Happy Birthday! Many Happy Returns!


----------



## rochie (May 27, 2009)

many happy returns Eric, happy birthday


----------



## lesofprimus (May 27, 2009)

Well, well, well, look at this, someone else just turned 43.... Welcome to the club Brother, and a Very Happy Birthday my friend.....


----------



## Gnomey (May 27, 2009)

Happy Birthday Eric!


----------



## Wurger (May 27, 2009)

Forty three.....when it was, oh boy. 

* A Happy Birthday Eric !!! My best wishes !!! *


----------



## v2 (May 27, 2009)

Happy Birthday Eric!


----------



## pbfoot (May 27, 2009)

Happy Bday ,neil


----------



## evangilder (May 27, 2009)

Thanks fellas. I hate when Dan gets a year older, cause that means I am right behind him. Ah well, just a number. 

I appreciate the sentiments, guys!


----------



## 109ROAMING (May 27, 2009)

Happy birthday!!!!


----------



## FLYBOYJ (May 27, 2009)

Ya ole fart!


----------



## Lucky13 (May 27, 2009)

Many happy returns old man...!


----------



## Wayne Little (May 27, 2009)

Happy Birthday Eric!


----------



## Catch22 (May 27, 2009)

Happy birthday!


----------



## Cota1992 (May 27, 2009)

Happy Birthday!!!!


----------



## Njaco (May 27, 2009)

I reminise like Wurger! 

Happie Burfdae!!


----------



## Thorlifter (May 27, 2009)

Happy birthday Eric. I hope you have a great one.


----------



## ToughOmbre (May 27, 2009)

Happy Birthday Eric!



TO


----------



## Doughboy (May 27, 2009)

Happy birthday Evanglider.


----------



## RabidAlien (May 27, 2009)

Happy Birthday!


----------



## Messy1 (May 27, 2009)

Happy Birthday!


----------



## seesul (May 27, 2009)

Happy B´day Eric!
Enjoy the celebration with your family and friends...


----------



## Airframes (May 27, 2009)

Have a very Happy Birthday Eric. Who's taking the celebration pics?!!


----------



## Vassili Zaitzev (May 27, 2009)

Happy B-day!


----------



## Geedee (May 27, 2009)

Sooooo...the weekend jaunt with the Condor guys was really a b'day gift to yourself !...way to go !.Heres to many more years of taking dodgy pics of antiquated 'ol airplanes...errrrr, do you need a support now for that huge lens you use !
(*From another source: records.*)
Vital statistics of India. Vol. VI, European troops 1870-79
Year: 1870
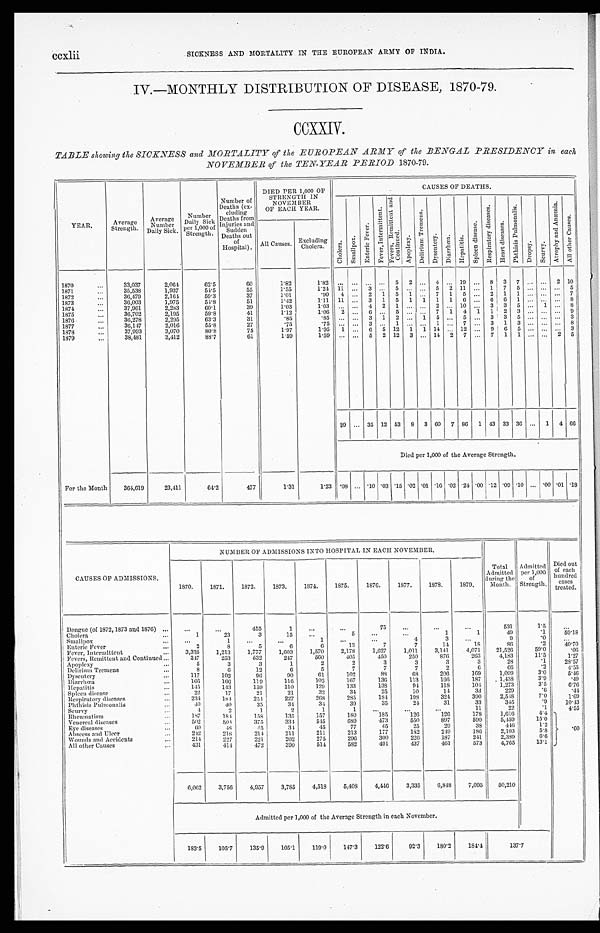
ccxlii SICKNESS AND MORTALITY IN THE EUROPEAN ARMY OF INDIA.
IV.—MONTHLY DISTRIBUTION OF DISEASE, 1870-79.
CCXXIV.
TABLE showing the SICKNESS and MORTALITY of the EUROPEAN ARMY of the BENGAL PRESIDENCY in each
NOVEMBER of the TEN-YEAR PERIOD 1870-79.
YEAR.
Average
Strength.
A v e r a g e N u m b e r
Daily Sick.
Number
Daily Sick
per 1,000 of
Strength.
Number of
Deaths (ex-
eluding
Deaths from
Injuries and
Sudden
Deaths out
o f
Hospital).
DIED PER 1,000 OF
STRENGTH IN
NOVEMBER
OF EACH YEAR.
CAUSES OF DEATHS.
C h o l e r a .
S m a l l p o x .
Enteric Fever.
F e v e r , I n t e r m i t t e n t .
F e v e r s , R e m i t t e n t a n d C o n t i n u e d .
Apopl exy.
D e l i r i u m T r e m e n s .
D y s e n t e r y . D i a r r h œ a .
H e p a t i t i s .
S p l e e n d i s e a s e .
R e s p i r a t o r y d i s e a s e s .
H e a r t d i s e a s e s .
P h t h i s i s P u l m o n a l i s .
D r o p s y .
S c u r v y .
A t r o p h y a n d A n æ m i a .
Al l o t h e r Ca u s e s .
All Causes. Excluding
Cholera.
1870
...
33,037
2,064
62.5
60
1.82
1.82
...
...
...
...
5
2
...
4
...
19
...
8
3
7
. . . ...
2
10
1871
35,538
1,937
54.5
55
1.55
1.24 11
...
3 ...
5 ...
. . .
5
2
11
...
1
7
5
...
...
...
5
1872
...
36,479
2,164
59.3
37
1.01
.90
4
...
2
1
5
1
. . . 7
1
5
...
2
1
1 ...
...
...
7
1873
...
36,003
1,975
54.8
51
1.42
1.11
11
...
3
1
5
1
1
1
1
6
...
6
6
1
...
... ...
8
1874
...
37,961
2,283
60.1
39
1.03
1.03
...
. . .
4
2
1 ...
. . . 2
...
10
...
3 3
5
. . .
1 ...
8
1875
...
36,702
2,195
59.8
41
1.12
1.06
2
...
6
...
5
...
...
7
1
4
1
1
2
3 5 ...
... ...
9
1876
36,278
2,295
63.3
31
.85
.85
...
...
3
1
2
...
1
5
...
5
...
3
3
5
. . .
. . .
. . .3
1877
...
36,147
2,016
55.8
27
.75
.75
...
...
3
...
1 ...
...
1
. . .
7
. . .
3
1
3
. . .
. . .
. . .8
1878
...
37,993
3,070
80.8
75
1.97
1.95
1
...
6
5
12
1
1
14
...
12
...
9
6
5
... ...
...
3
1879
...
38,481
3,412
83.7
61
1.59
1.59
...
...
5
2
12
3
...
14
2
7
...
7
1
1
. . . ...
2
5
29
...
35
12
53
8
3
60
7
86
1
43
33
36 ...
1
4
66
Died per 1,000 of the Average Strength.
For the Month
364,619
23,411
64.2
477
1.31
1.23 .08
. . .
.10 .03 .15 .02 .01 .16 .02 .24 .00 .12 .09 .10 ... .00 .01 .18
NUMBER OF ADMISSIONS INTO HOSPITAL IN EACH NOVEMBER.
Total
Admitted
during the
Month.
Admitted
per 1,000
of
Strength.
Died out
of e a c h h u n d r e d c a
s e s
treated.
CAUSES OF ADMISSIONS.
1870.
1871.
1872.
1873.
1874.
1875.
1876.
1877.
1878.
1879.
Dengue (of 1872, 1873 and 1876)
...
...
...
455
1
...
. . .
75
...
...
...
531
1 . 5
. . .
Cholera
...
1
23
3
15
...
5
...
...
1
1
49
.1
59.18
Smallpox
. . .
...
1
...
...
1
...
...
4
3
...
9
. 0
. . .
Enteric Fever
...
2
8
5
6
6
13
7
7
14
18
8 6
.2
40.70
Fever, Intermittent
. . .
3,335
1,213
1,777
1,603
1,570
2,178
1,627
1,011
3,141
4,071
21,526
59.0
.06
Fevers, Remittent and Continued ...
347
253
532
247
560
405
450
250
876
263
4,183
11.5
1.27
Apoplexy
...
5
3
3
1
2
2
3
3
3
3
28
.1
28.57
Delirium Tremens
...
8
6
12
6
5
7
7
7
2
6
66
.2
4.55
Dysentery
. . .
117
102
96
90
61
102
88
68
206
169
1,099
3.0
5.46
Diarrhœa
...
166
166
119
116
102
167
136
113
166
187
1,438
3.9
.49
Hepatitis
. . .
145
143
159
110
129
133
138
94
118
104
1,273
3.5
6.76
Spleen disease
. . .
22
17
21
21
32
34
25
10
14
33
229
.6
44
Respiratory diseases
...
234
184
254
227
268
285
184
198
324
390
2,548
7.0
1.69
Phthisis Pulmonalis
. . .
40
40
35
34
34
39
35
24
31
33
345
.9
10.43
Scurvy
. . .
4
2
1
2
1
1
...
...
...
11
22
.1
4.55
Rheumatism
...
187
184
158
135
157
180
185
126
126
178
1,616
4.4
6 0
Venereal diseases
...
502
504
375
334
545
689
473
550
897
590
5,459
15.0
Eye diseases
...
60
48
45
34
45
77
45
25
29
38
4 4 6
1.2
Abscess and Ulcer
. . .
242
218
214
211
211
213
177
182
249
186
2,103
5.8
Wounds and Accidents
. . .
214
227
221
202
275
296
300
226
187
241
2,389
6.6
All other Causes
. . .
431
414
472
390
514
582
491
437
461
573
4,765
13.1
6,062
3,756
4,957
3,785
4,518
5,408
4,446
3,335
6,848
7,095
50,210
Admitted per 1,000 of the Average Strength in each November.
183.5
105.7
135.9
105.1
119.0
147.3
122.6
92.3
180.2
184.4
137.7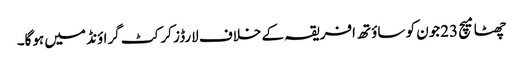
چھٹا میچ 23جون کو ساؤتھ افریقہ کے خلاف لارڈز کرکٹ گراؤنڈ میں ہوگا۔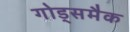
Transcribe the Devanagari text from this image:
गोड्समैक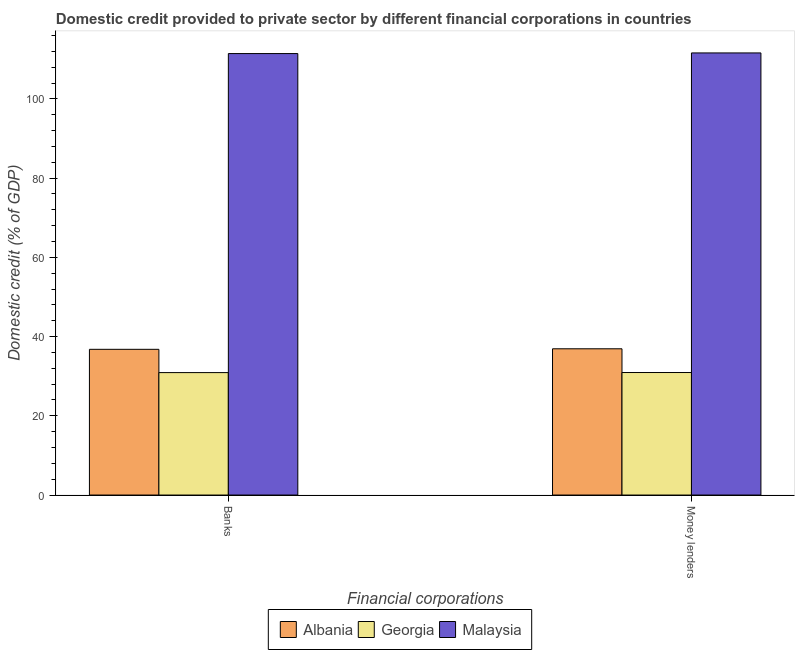
| Financial corporations | Albania | Georgia | Malaysia |
 | --- | --- | --- | --- |
 | Banks | 36.8 | 30.9 | 111 |
 | Money lenders | 36.9 | 30.9 | 112 |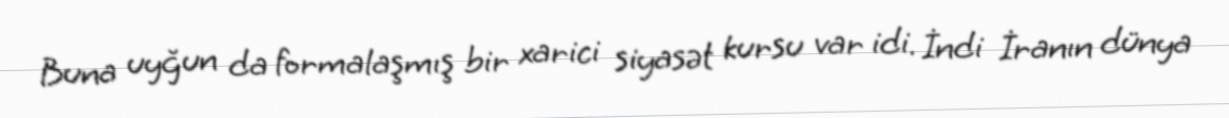
Buna uyğun da formalaşmış bir xarici siyasət kursu var idi. İndi İranın dünya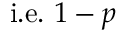
{ \mathrm { i . e . ~ } } 1 - p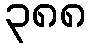
၃၈၈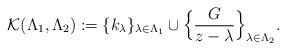
LaTeX: \begin{align*}\mathcal{K}(\Lambda_1, \Lambda_2) :=\{k_{\lambda}\}_{\lambda\in \Lambda_1}\cup \Big\{ \frac{G}{z-\lambda}\Big\}_{\lambda\in \Lambda_2}. \end{align*}

Only kidding. You have a super day mate and enjoy it with best wishes


----------



## wheelsup_cavu (May 27, 2009)

Happy Birthday!
Here's to at least 43 more. 


Wheelsup


----------



## Ferdinand Foch (May 27, 2009)

Hey, Happy Birthday Evanglider!


----------



## DerAdlerIstGelandet (May 27, 2009)

Happy Birthday my friend! I wish you a wonderful day with your family and many more B-Days to come.


----------